Я побродил по Одессе, она была печальной: много развалин, попадались люди босиком, в рваной одежде. Беда не к лицу Одессе, она казалась обиженной, оборванной и заплаканной модницей. На ночь меня устроили в роскошном запущенном доме - во время оккупации там жил какой-то румынский генерал. Красивый паркет в большой комнате был обуглен: вероятно, пробовали развести костер. Над широкой хромой кроватью висела разбитая венецианская люстра.
Я лег и вдруг почувствовал, что смертельно устал. Конечно, нужно было летом отдохнуть, но отдыхать я не умею. Хочется посмотреть незнакомые места. Начнутся митинги, доклады. Придется диктовать статьи по телефону. Потом сяду за роман и, наверно, снова не додумаю…
Как в 1932 году в Париже на улице Котантен, я начал судить себя. Только в Париже я сердился на раздумья, на то, что остаюсь в стороне от жизни, а теперь упрекал себя в пренебрежении к искусству, в поспешности, в нежелании додумать. Было, однако, нечто общее между старыми и новыми обвинениями. Я вспомнил стихи, написанные два месяца назад:
Я смутно жил и неуверенно,
И говорил я о другом…
Вот это правда, слишком часто говорил о другом - не о том, что для меня было самым важным. Внешне я выгляжу, скорее, мрачным, а внутри много легкомыслия. Пора бы додумать… Прежде мне казалось, что старость легка, естественна - постепенно замирают страсти, ослабевают желания. Кажется, именно в ту ночь в Одессе под разбитой люстрой я впервые понял, что все это вздор, что иссякают не страсти, а силы.

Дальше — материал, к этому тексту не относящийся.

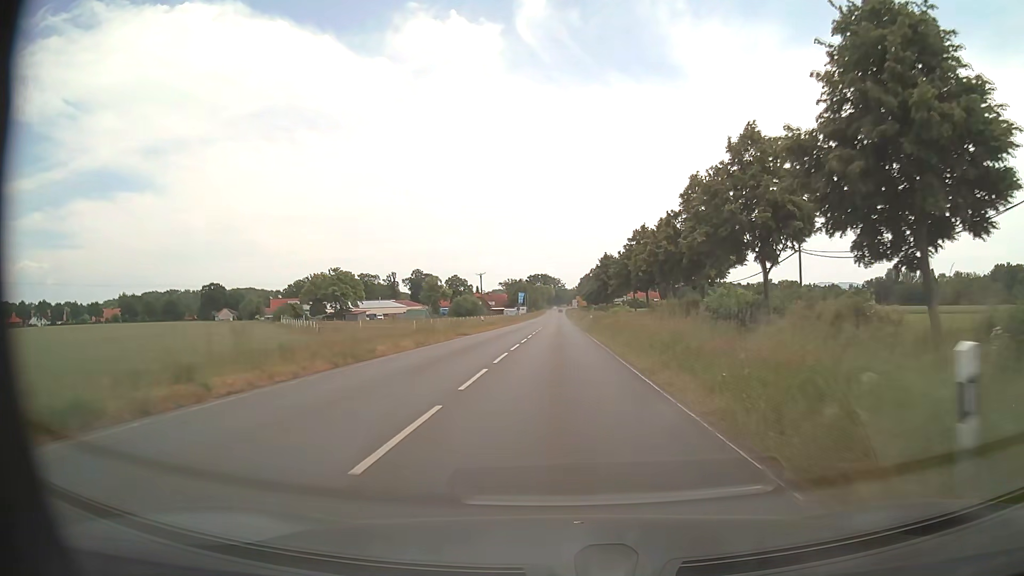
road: secondary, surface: asphalt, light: Day
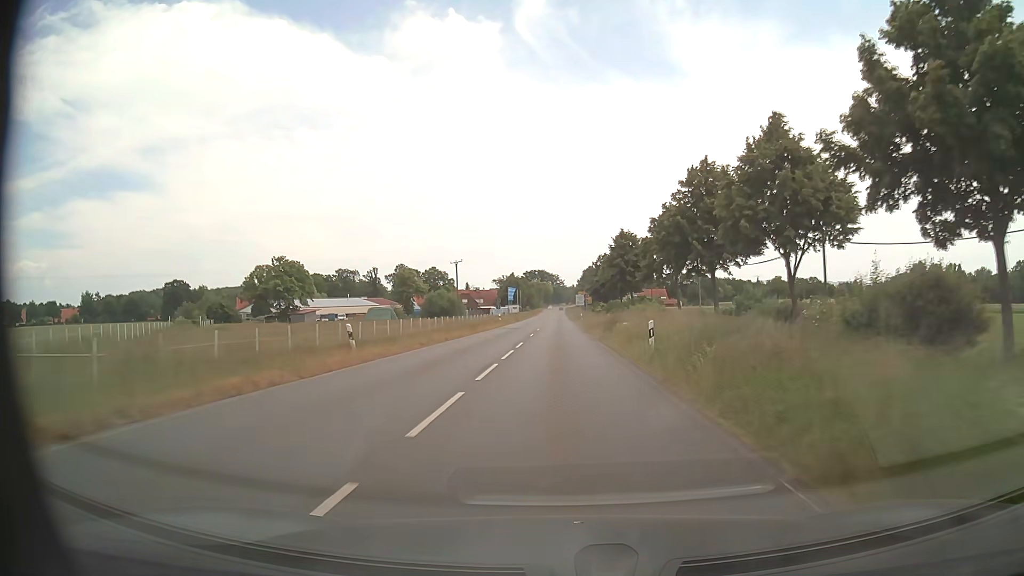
(+0.1, +34.5) m; 0°
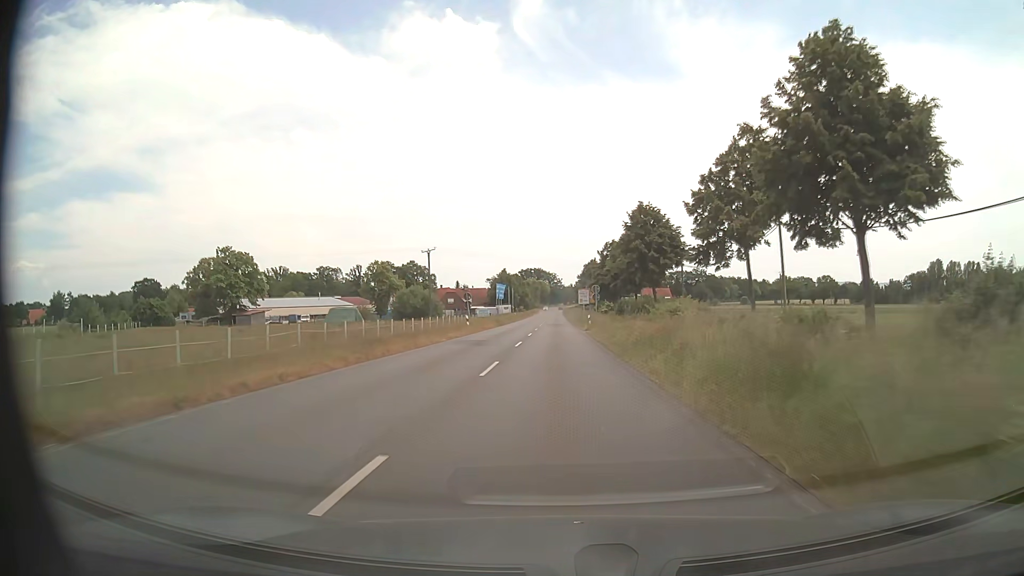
(0.0, +23.1) m; 0°
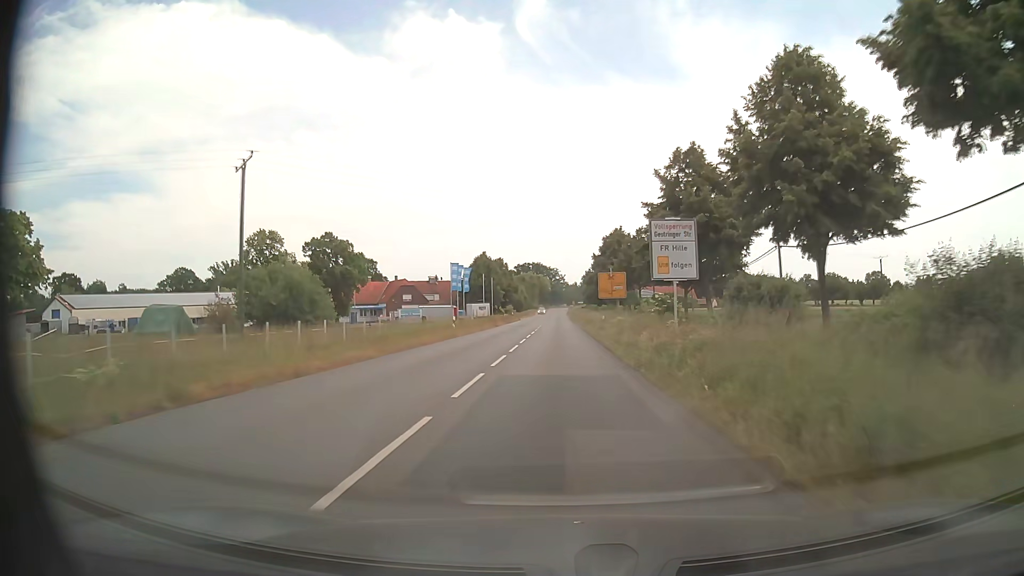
(+0.1, +58.1) m; 0°
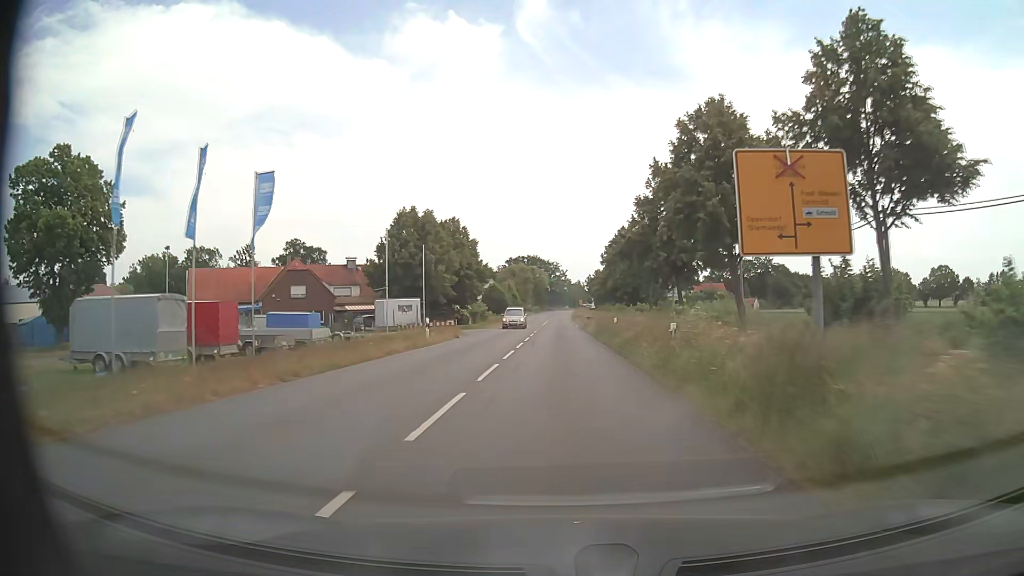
(-0.1, +58.1) m; 0°
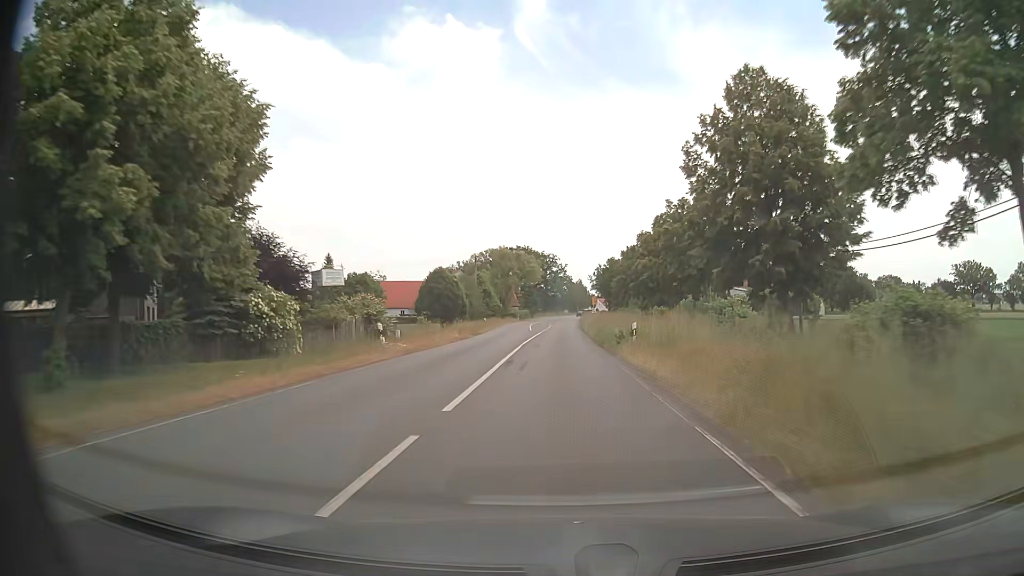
(0.0, +58.0) m; 0°
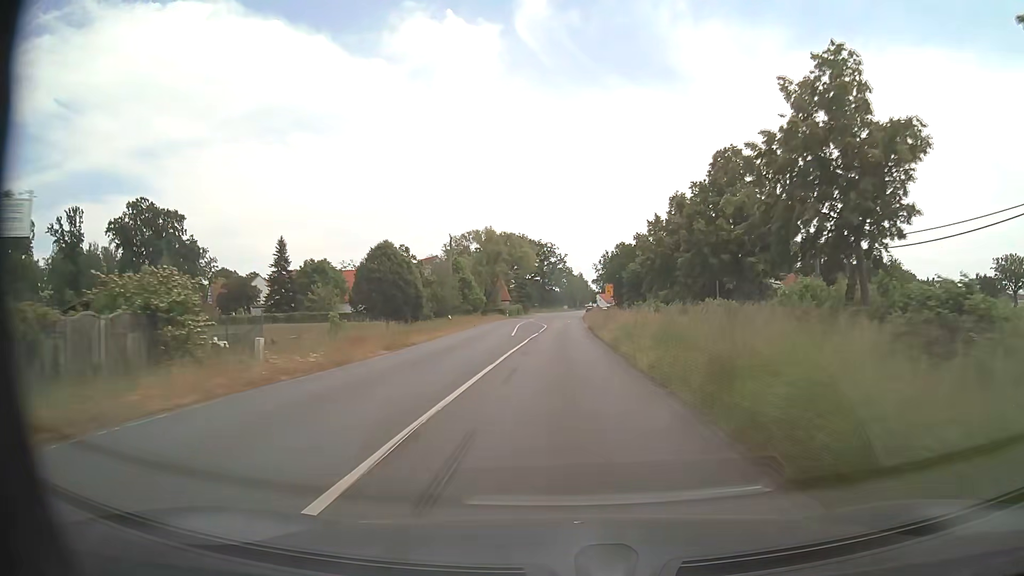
(0.0, +23.2) m; +1°
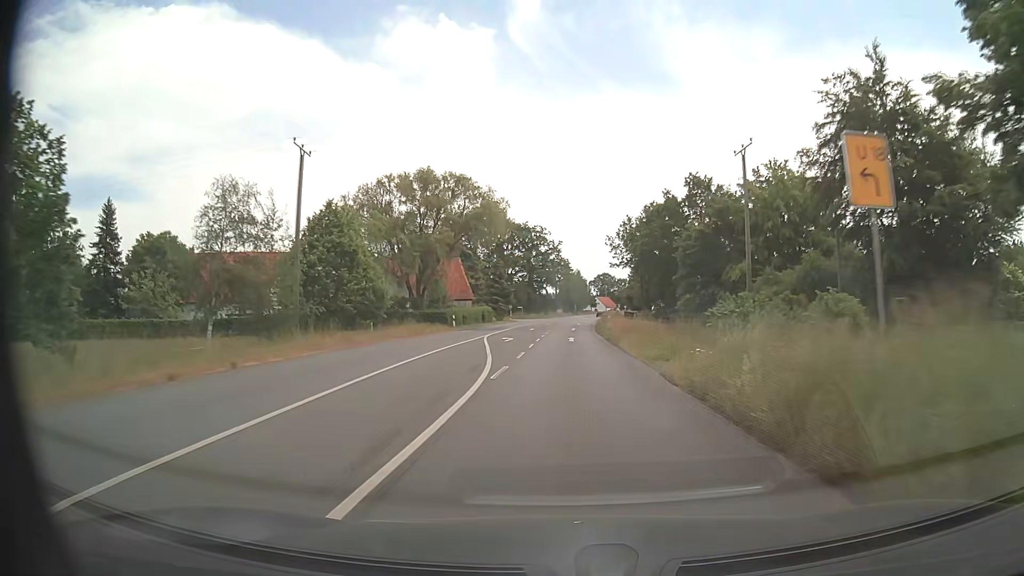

На следующий день я улетел в Бухарест, откуда рассчитывал проехать в Софию. Самолет был еще военного времени - железные скамейки. Над Черным морем болтало, а я записывал про офицера с девочкой, про Одессу, про Пушкина, про свое треклятое легкомыслие. Вдруг самолет пошел на посадку (снова я чего-то не додумал, не дописал!). Я увидел на аэродроме огромную толпу: встречали премьера Грозу, который вместе с Татареску возвращался из Москвы.
Ко мне подошли секретарь посольства С. А. Дангулов и майор Леви из контрольной комиссии, сказали, что я должен задержаться, посмотреть Бухарест, Румынию. Уговорить меня было нетрудно. Майор повез меня в гостиницу. Было по-летнему жарко, шумно, пестро, и, забыв про ночные раздумья, я жадно вглядывался в чужие лица. Это было семнадцать лет назад, и теперь я твердо знаю, что в Одессе ругал себя за дело. Некоторые пословицы не врут, и горбатого действительно исправит только могила.